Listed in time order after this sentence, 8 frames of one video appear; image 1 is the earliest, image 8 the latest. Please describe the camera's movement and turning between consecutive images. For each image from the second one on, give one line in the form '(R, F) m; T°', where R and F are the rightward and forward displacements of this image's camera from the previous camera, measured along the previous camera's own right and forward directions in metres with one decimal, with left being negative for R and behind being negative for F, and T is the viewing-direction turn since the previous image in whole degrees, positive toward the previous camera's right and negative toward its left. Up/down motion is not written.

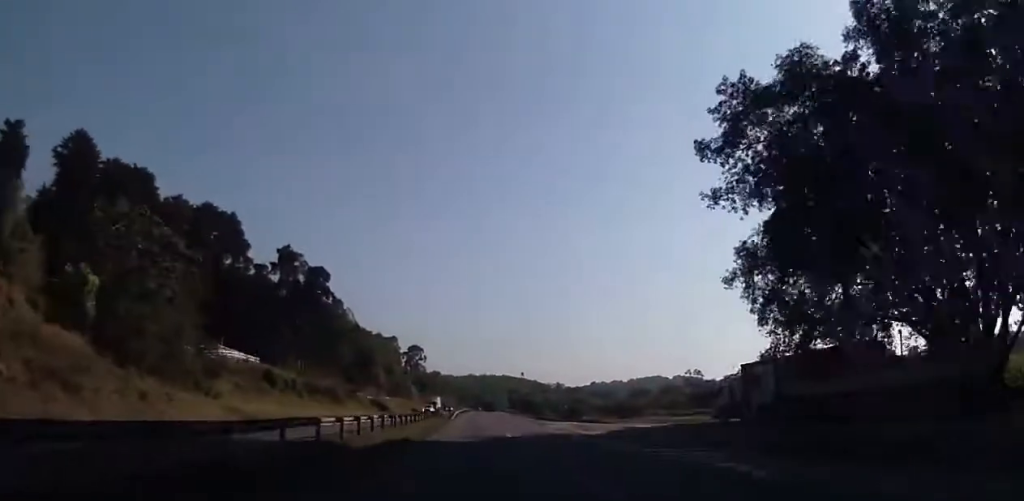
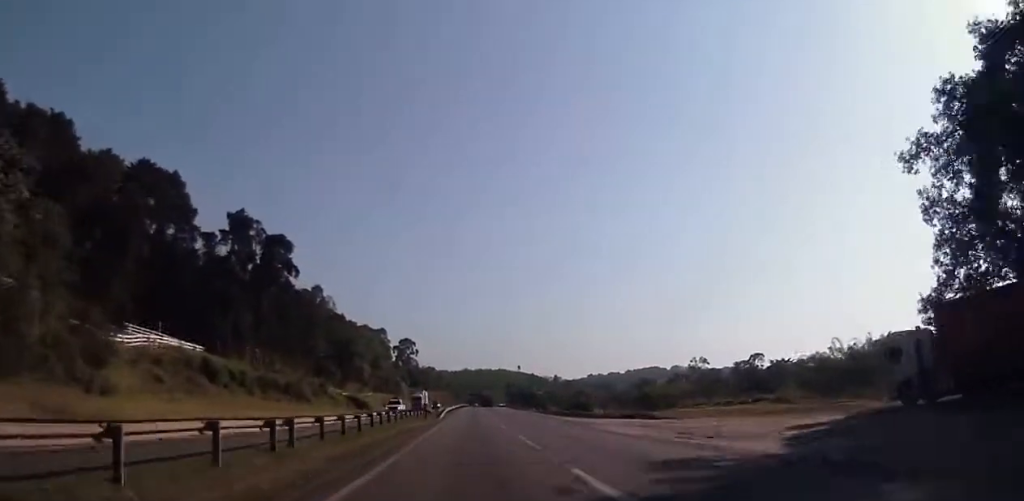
(-0.2, +24.3) m; 0°
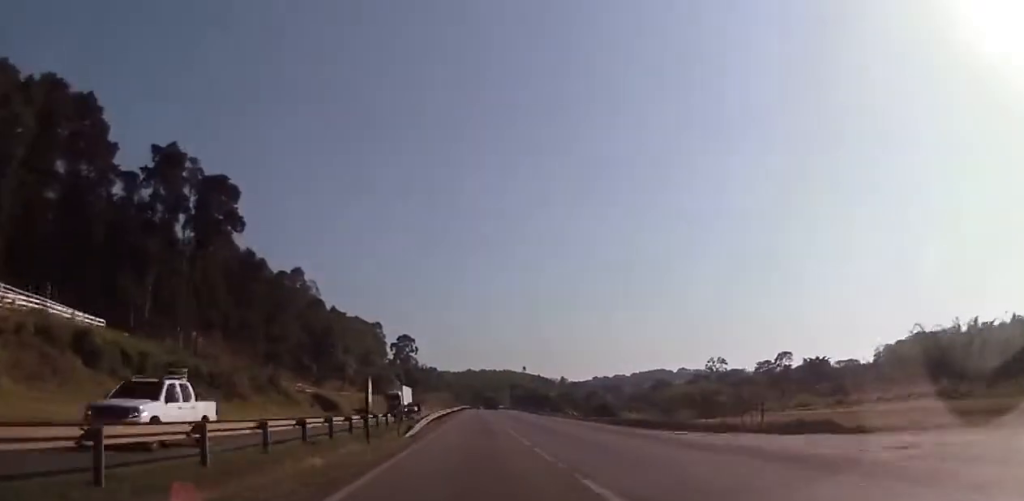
(0.0, +30.2) m; 0°
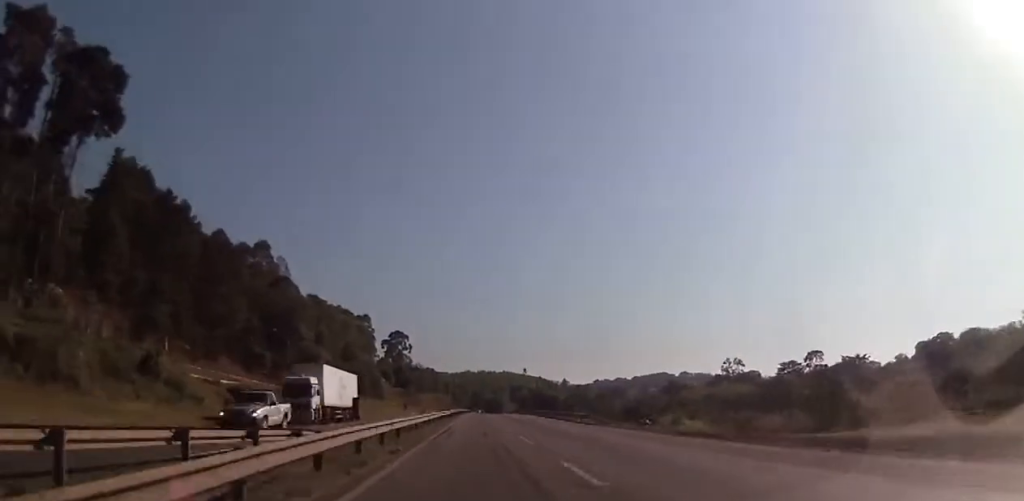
(0.0, +32.7) m; 0°
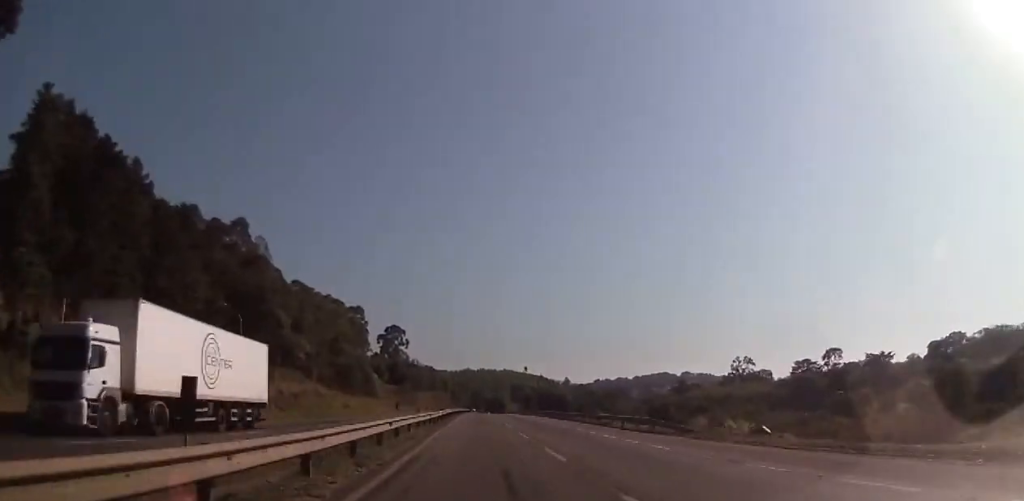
(+0.1, +17.2) m; 0°
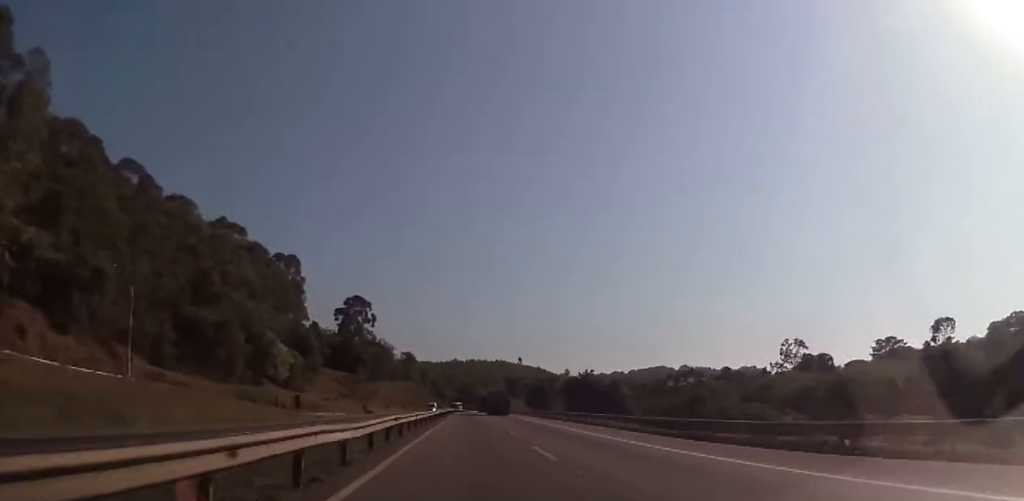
(+0.4, +84.8) m; +1°
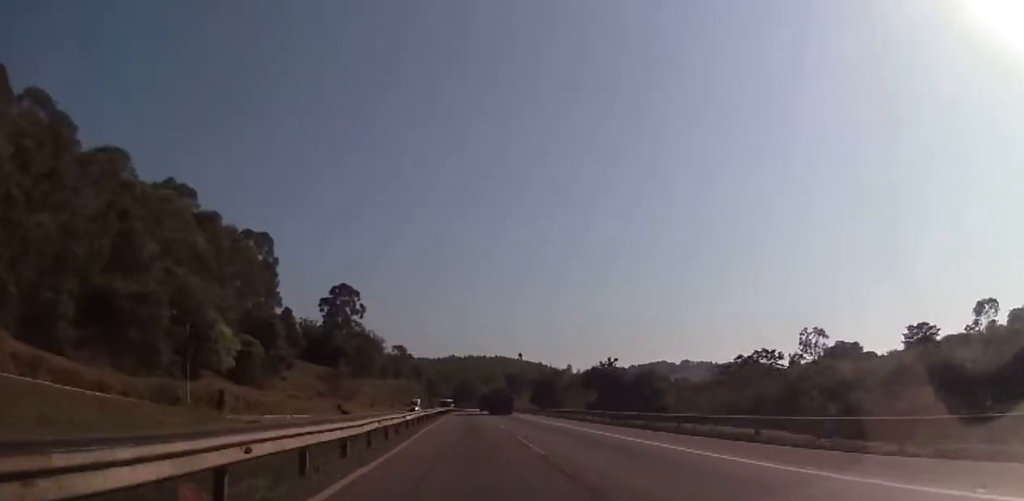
(-0.3, +23.5) m; 0°
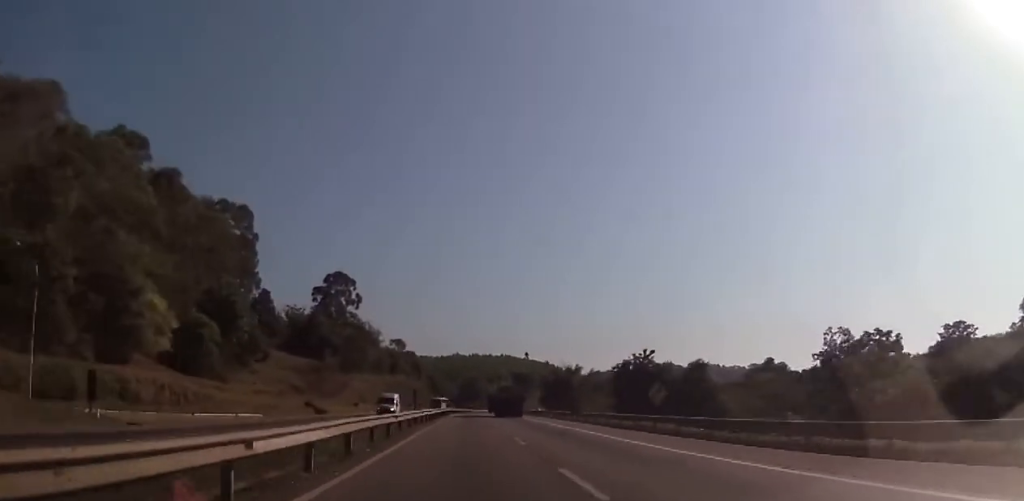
(-0.1, +19.9) m; 0°
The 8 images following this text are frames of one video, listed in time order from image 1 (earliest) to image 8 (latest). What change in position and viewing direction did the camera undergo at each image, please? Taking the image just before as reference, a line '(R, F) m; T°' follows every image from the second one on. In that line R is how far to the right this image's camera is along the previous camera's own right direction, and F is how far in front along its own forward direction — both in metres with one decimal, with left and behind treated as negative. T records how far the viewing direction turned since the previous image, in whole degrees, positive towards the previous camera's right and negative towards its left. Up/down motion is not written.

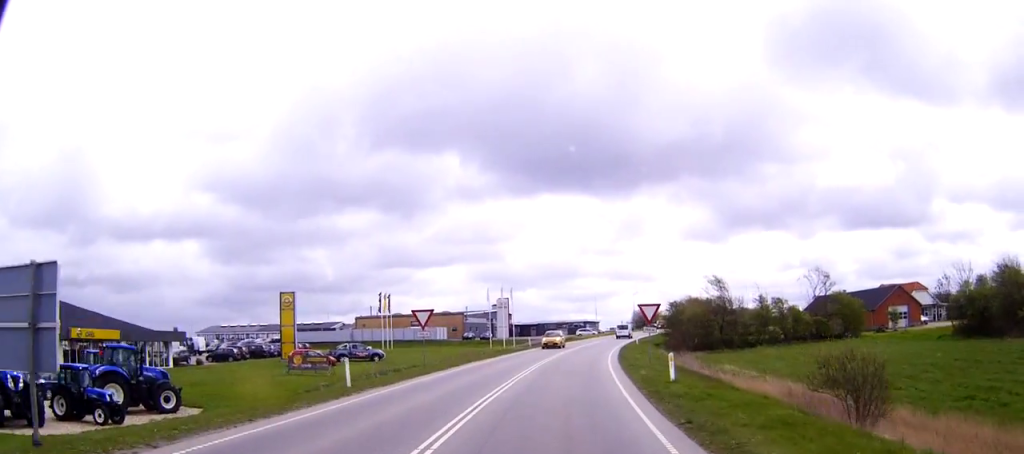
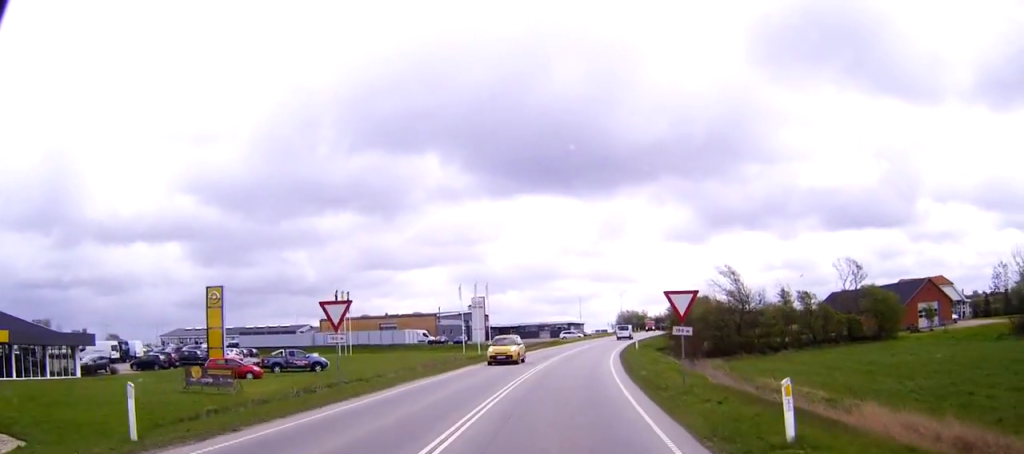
(+0.1, +12.7) m; +2°
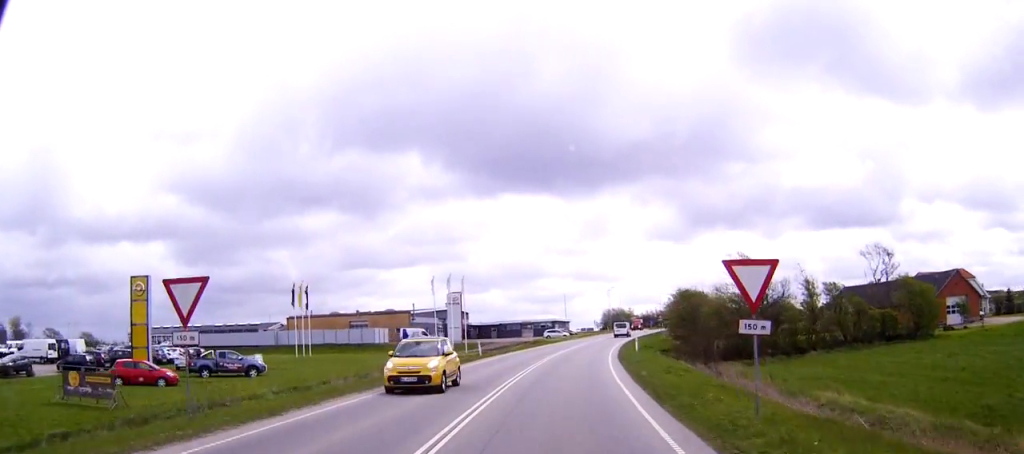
(+0.2, +9.8) m; +1°
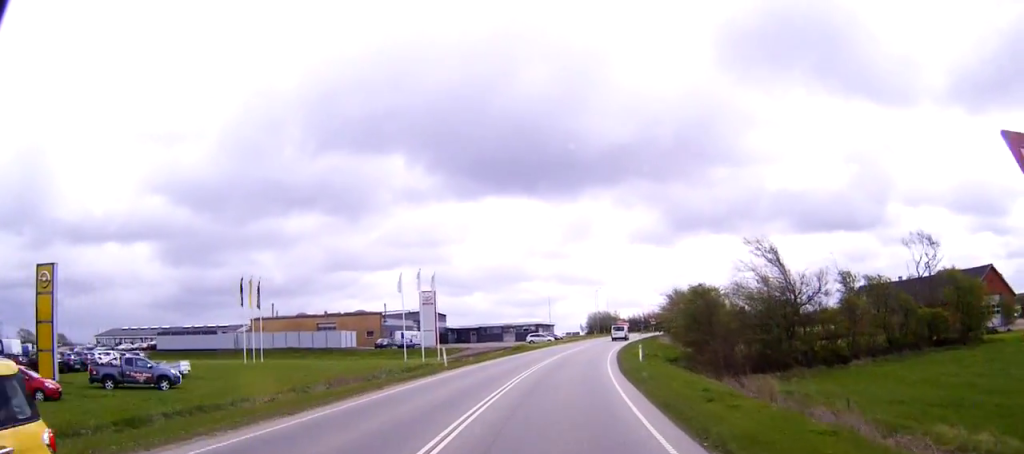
(+0.1, +9.8) m; +1°
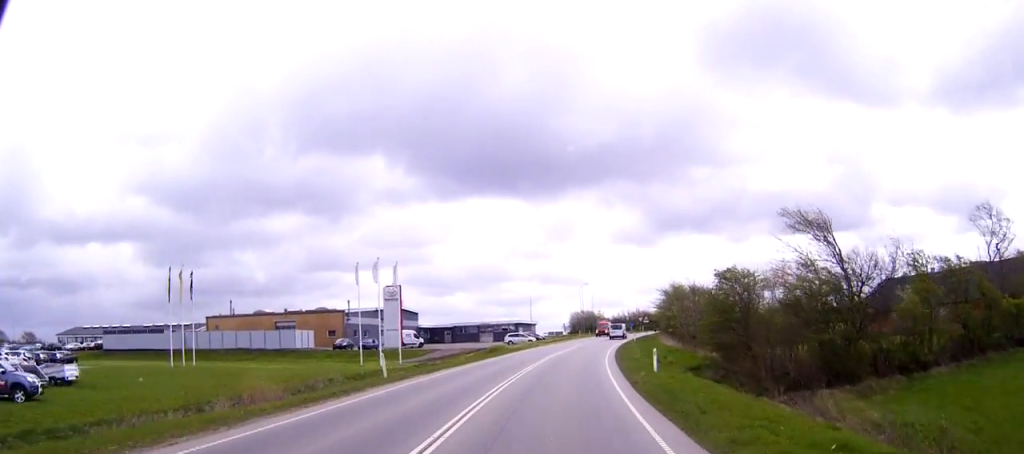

═══

• TASK STATEMENT:
An exact copy of the lines from the one with "The 8 images" through the end of the records: produce that and nothing more, leaving out the pictures.

• TASK ANSWER:
The 8 images following this text are frames of one video, listed in time order from image 1 (earliest) to image 8 (latest). What change in position and viewing direction did the camera undergo at each image, please? Taking the image just before as reference, a line '(R, F) m; T°' follows every image from the second one on. In that line R is how far to the right this image's camera is along the previous camera's own right direction, and F is how far in front along its own forward direction — both in metres with one decimal, with left and behind treated as negative. T records how far the viewing direction turned since the previous image, in whole degrees, positive towards the previous camera's right and negative towards its left. Up/down motion is not written.

(+0.1, +12.7) m; +2°
(+0.2, +9.8) m; +1°
(+0.1, +9.8) m; +1°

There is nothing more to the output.